- Born: 29 October 1949 (age 76)
- Education: PhD, Harvard University
- Known for: The founder of the Chinese avant-garde movement and genre

= Gao Minglu =

Chinese art scholar (born 1949)

Gao Minglu (born 29 October 1949) is a scholar in Chinese contemporary art. He is the Chair of the Department of Art History, Professor for Distinguished Service, and Chair of Art and is an instructor at the University of Pittsburgh. He is also distinguished professor at Tianjin Academy of Fine Arts.

Gao was the Chair of the Department of Art History and Professor for Distinguished Service at Sichuan Fine Art Institute, China. His works focus on the influence and nature of Chinese art.

==Early life and education==
Minglu was born in Tianjin, China in October 1949. One of his exhibitions in China was shut down by the Chinese government in 1989 after only a few hours.

Minglu graduated from the China National Academy of Art. In the same year he worked as an editor of one of China’s art magazines. Minglu serves as professor, artist, curator and art critic. During the cultural revolution "Up to the Mountains and Down to the Countryside Movement" he traveled to Inner Mongolia and worked as a herdsman for five years. After the Cultural Revolution, he attended the Tianjin Academy of Fine Arts to study art history. In 1982 he attended the Graduate School of Chinese Art Research Institute where he received his master's degree.
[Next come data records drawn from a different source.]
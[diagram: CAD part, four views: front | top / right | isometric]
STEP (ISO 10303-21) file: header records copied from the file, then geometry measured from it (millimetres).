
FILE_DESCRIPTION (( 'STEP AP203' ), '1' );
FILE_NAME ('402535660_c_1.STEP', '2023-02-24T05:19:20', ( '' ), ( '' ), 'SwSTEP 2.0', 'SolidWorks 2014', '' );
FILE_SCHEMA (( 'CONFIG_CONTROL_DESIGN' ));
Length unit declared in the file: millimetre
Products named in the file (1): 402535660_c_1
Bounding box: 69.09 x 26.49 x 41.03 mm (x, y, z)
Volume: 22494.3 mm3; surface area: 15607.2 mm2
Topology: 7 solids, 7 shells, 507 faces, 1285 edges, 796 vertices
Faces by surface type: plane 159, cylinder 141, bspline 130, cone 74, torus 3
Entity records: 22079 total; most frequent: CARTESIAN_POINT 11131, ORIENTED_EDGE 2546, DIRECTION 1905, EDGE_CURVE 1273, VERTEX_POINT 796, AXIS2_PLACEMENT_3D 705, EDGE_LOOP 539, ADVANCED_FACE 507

From 1984–1989 he was the editor of "Art" magazine. While there, he regularly wrote about Chinese Art news. He was forced to study Marxism–Leninism in China from 1989–1991.

He planned a Chinese avant-garde art exhibition entitled "Inside Out: New Chinese from 1995 to 1998". During the same time He was showing his work in the "Global Concept Art Exhibition from 1950s to 1980s". He also participated in the exhibition of the "Global Concept Art Exhibition from 1950s to 1980s", In 1999 he showed his work in the "Five Continents and a City" exhibition in Mexico in and was one of the curators from China. During this same time, Minglu wrote an English monograph describing the exhibitions. He wrote other papers on Chinese art.
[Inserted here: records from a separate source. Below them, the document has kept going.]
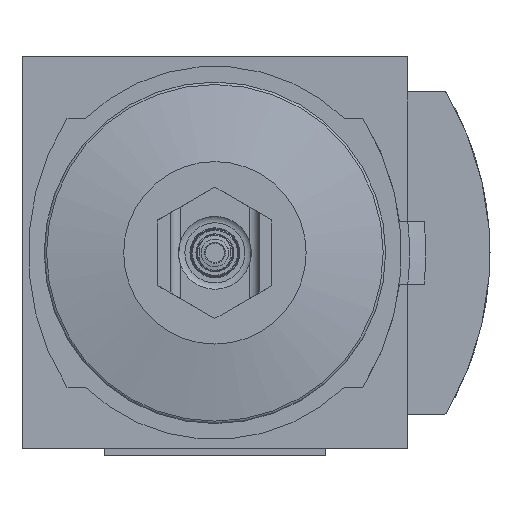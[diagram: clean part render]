
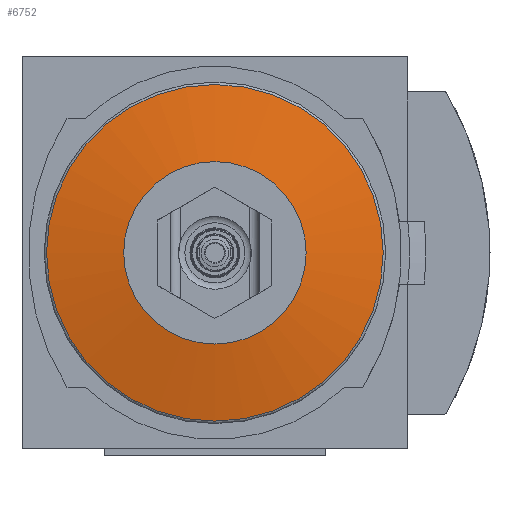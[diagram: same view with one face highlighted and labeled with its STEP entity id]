
A CAD part, front view. The second image highlights one B-rep face of the part: STEP entity #6752.
In plain terms, the highlighted toroidal (fillet/blend) face has major radius 2.923 mm and minor radius 240 mm.
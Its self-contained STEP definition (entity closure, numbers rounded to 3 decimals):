
#30=DEGENERATE_TOROIDAL_SURFACE('',#7157,2.923,240.,
 .F.);
#178=CIRCLE('',#7156,28.85);
#179=CIRCLE('',#7158,53.234);
#1546=ORIENTED_EDGE('',*,*,#2362,.T.);
#1547=ORIENTED_EDGE('',*,*,#2361,.F.);
#2361=EDGE_CURVE('',#2842,#2842,#178,.T.);
#2362=EDGE_CURVE('',#2843,#2843,#179,.T.);
#2842=VERTEX_POINT('',#9880);
#2843=VERTEX_POINT('',#9883);
#4078=EDGE_LOOP('',(#1546));
#4079=EDGE_LOOP('',(#1547));
#4416=FACE_BOUND('',#4078,.T.);
#4417=FACE_BOUND('',#4079,.T.);
#6752=ADVANCED_FACE('',(#4416,#4417),#30,.F.);
#7156=AXIS2_PLACEMENT_3D('',#9879,#8366,#8367);
#7157=AXIS2_PLACEMENT_3D('',#9881,#8368,#8369);
#7158=AXIS2_PLACEMENT_3D('',#9882,#8370,#8371);
#8366=DIRECTION('',(0.,-1.,0.));
#8367=DIRECTION('',(0.,0.,-1.));
#8368=DIRECTION('',(0.,-1.,0.));
#8369=DIRECTION('',(0.,0.,-1.));
#8370=DIRECTION('',(0.,-1.,0.));
#8371=DIRECTION('',(0.,0.,-1.));
#9879=CARTESIAN_POINT('',(0.,-359.736,0.));
#9880=CARTESIAN_POINT('',(0.,-359.736,-28.85));
#9881=CARTESIAN_POINT('',(0.,-121.848,0.));
#9882=CARTESIAN_POINT('',(0.,-355.186,0.));
#9883=CARTESIAN_POINT('',(0.,-355.186,-53.234));

Gao was awarded the American Academy of Sciences "American Academic Exchange Committee" postdoctoral project scholarship in 1991. This allowed him to come to the US to research and study at Ohio University and Harvard University. He received his doctorate in the history of art research. He graduated from Harvard University.

==Exhibitions==

During this same time his criticism research and criticism perspectives focused on the present and contemporary art of China, Taiwan and Hong Kong. These studies included comparative research on modernism and avant-garde in China and the West. His work has been shown in a number of shows and exhibitions that include:
- "Chinese Apartment Art: Primary Documents from the Gao Minglu Archive, 1970s–90s," an exhibition at the Frick Fine Arts Building, University of Pittsburgh opened on November 17, 2016.
- “The Lonely Horizon—Gao Minglu during the 1970s” was an exhibition at the Linda Gallery, in Beijing's 798 Art District in June 2015.
- "The Wall: Reshaping Contemporary Chinese Art" organized by the Albright-Knox Art Gallery, the China Millennium Monument Museum in Beijing (CMMM) and the University at Buffalo Art Galleries, 2005.
- "Ink Space," the first section of the 2004 Shenzhen International Ink Biennial Exhibition, 2004.
- "Chinese Maximalism," co-organized by University at Buffalo Gallery and the China Millennium Monument Museum, Beijing, 2003.
- "Harvest: Contemporary Art" (fengshou dangdai yishu zhan), The National Agricultural Museum, 2002.
- Conceptual Art: Point of Origin 1950s–1980s sponsored by Queens Museum, 1999.
- Insideout: New Chinese Art, the Asia Society and San Francisco MOMA, 1998.
- "Fragmented Memory: The Chinese Avant-Garde", Wexner Center for the Arts, the Ohio State University, 1993.
- "China/Avant-Garde Exhibition", National Art Gallery, Beijing, 1989.

==Writings==
He has authored papers and books. Some titles include:
- History of Contemporary Chinese Art 1985–1986 (Gao Minglu el), (Shanghai: Shanghai Peoples Press, 1990)
- Fragmented Memory: The Chinese Avant-Garde in Exile co-ed with Julie Andrews. (The Wexner Center for the Arts, 1993)
- Inside Out: New Chinese Art ed. (University of California Press, 1998)
- "Extensionality and Intentionality in a Transnational Cultural System" in Art Journal Winter 1998
- "Conceptual Art with Anti-conceptual Attitude" in Global Conceptualism: the Point of Origin 1950s–1980s(Seattle: University of Washington Press, 1999)
- A Century’s Utopia: Chinese Avant-Garde Art (Taiwan: Artists Publishing House, 2000);
- Chinese Maximalism (Chongqing: Chongqing People’s press, 2003)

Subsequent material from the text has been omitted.